EXERCISE BRIEF>
Transcribe, exactly and in full, every record shown below, while omitting its images.

PROVIDED RECORDS>
----

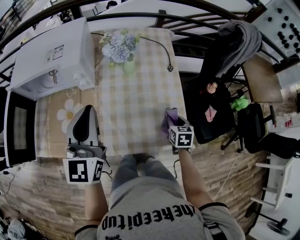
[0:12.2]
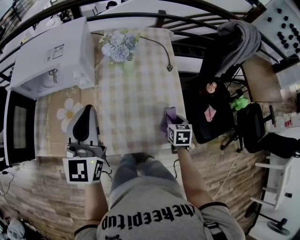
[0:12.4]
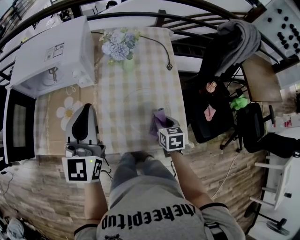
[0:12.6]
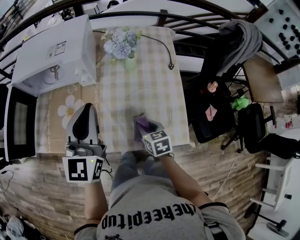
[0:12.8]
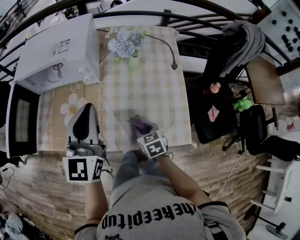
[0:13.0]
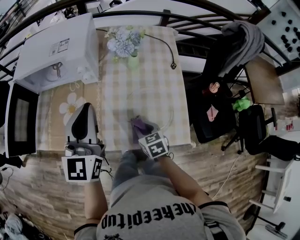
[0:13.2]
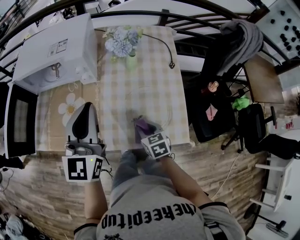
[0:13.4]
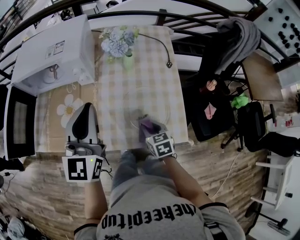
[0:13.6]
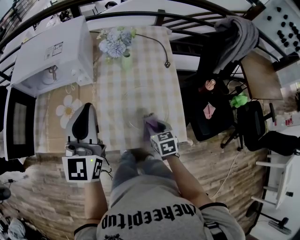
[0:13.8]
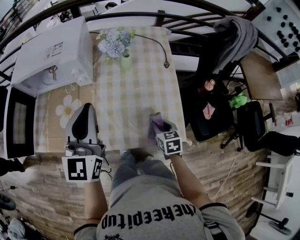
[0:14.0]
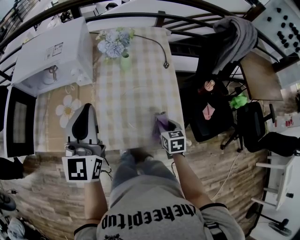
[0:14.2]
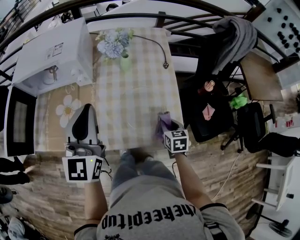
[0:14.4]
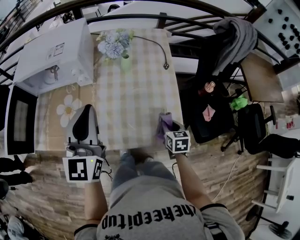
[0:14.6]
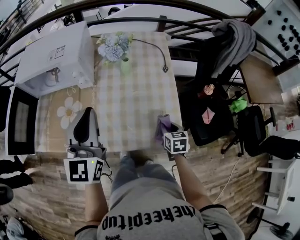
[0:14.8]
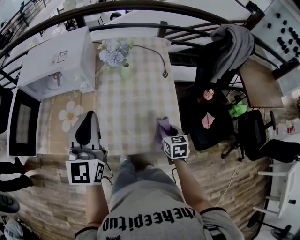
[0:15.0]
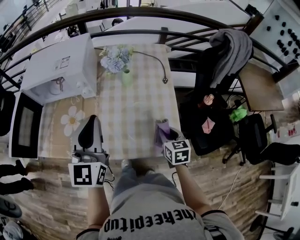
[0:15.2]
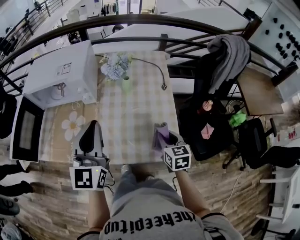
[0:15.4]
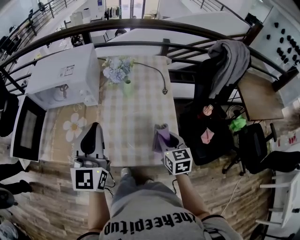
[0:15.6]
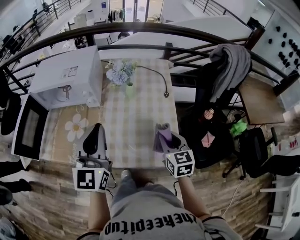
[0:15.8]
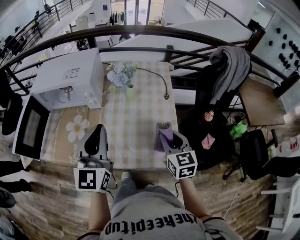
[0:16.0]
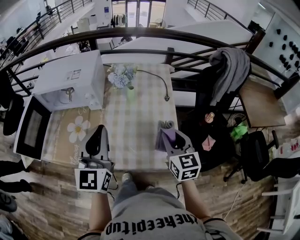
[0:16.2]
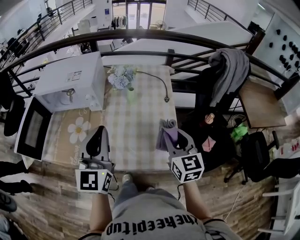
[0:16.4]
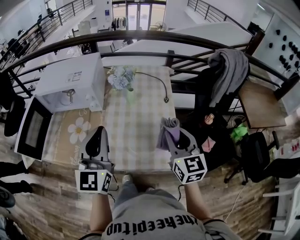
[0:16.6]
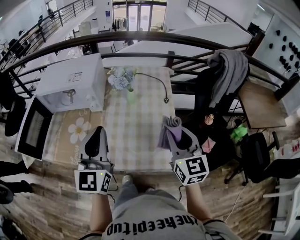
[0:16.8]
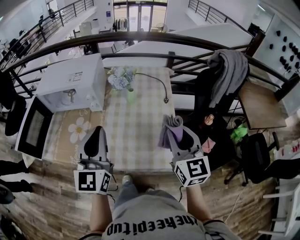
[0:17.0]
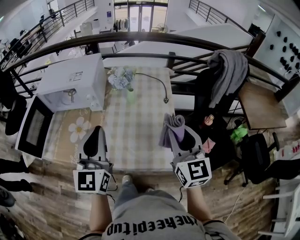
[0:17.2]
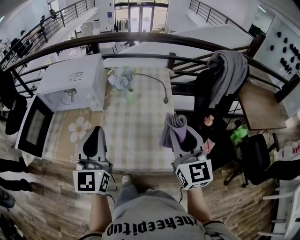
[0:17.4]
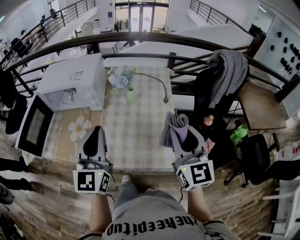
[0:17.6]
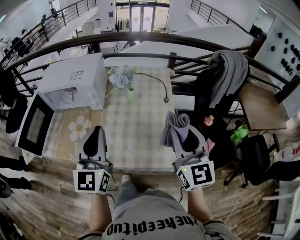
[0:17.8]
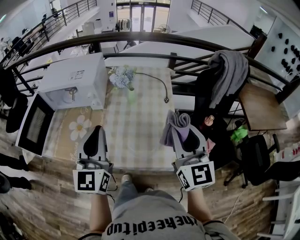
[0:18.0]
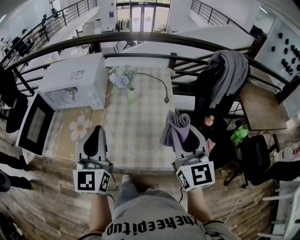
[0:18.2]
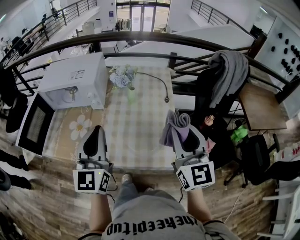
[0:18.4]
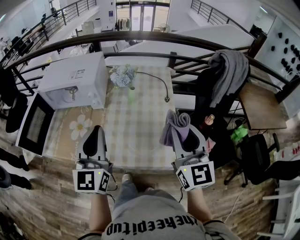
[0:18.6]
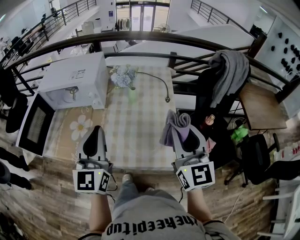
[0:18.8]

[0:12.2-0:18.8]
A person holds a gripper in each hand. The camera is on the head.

----

RESPONSE FOR THIS EXERCISE>
[0:12.2]
[0:12.4]
[0:12.6]
[0:12.8]
[0:13.0]
[0:13.2]
[0:13.4]
[0:13.6]
[0:13.8]
[0:14.0]
[0:14.2]
[0:14.4]
[0:14.6]
[0:14.8]
[0:15.0]
[0:15.2]
[0:15.4]
[0:15.6]
[0:15.8]
[0:16.0]
[0:16.2]
[0:16.4]
[0:16.6]
[0:16.8]
[0:17.0]
[0:17.2]
[0:17.4]
[0:17.6]
[0:17.8]
[0:18.0]
[0:18.2]
[0:18.4]
[0:18.6]
[0:18.8]

[0:12.2-0:18.8]
A person holds a gripper in each hand. The camera is on the head.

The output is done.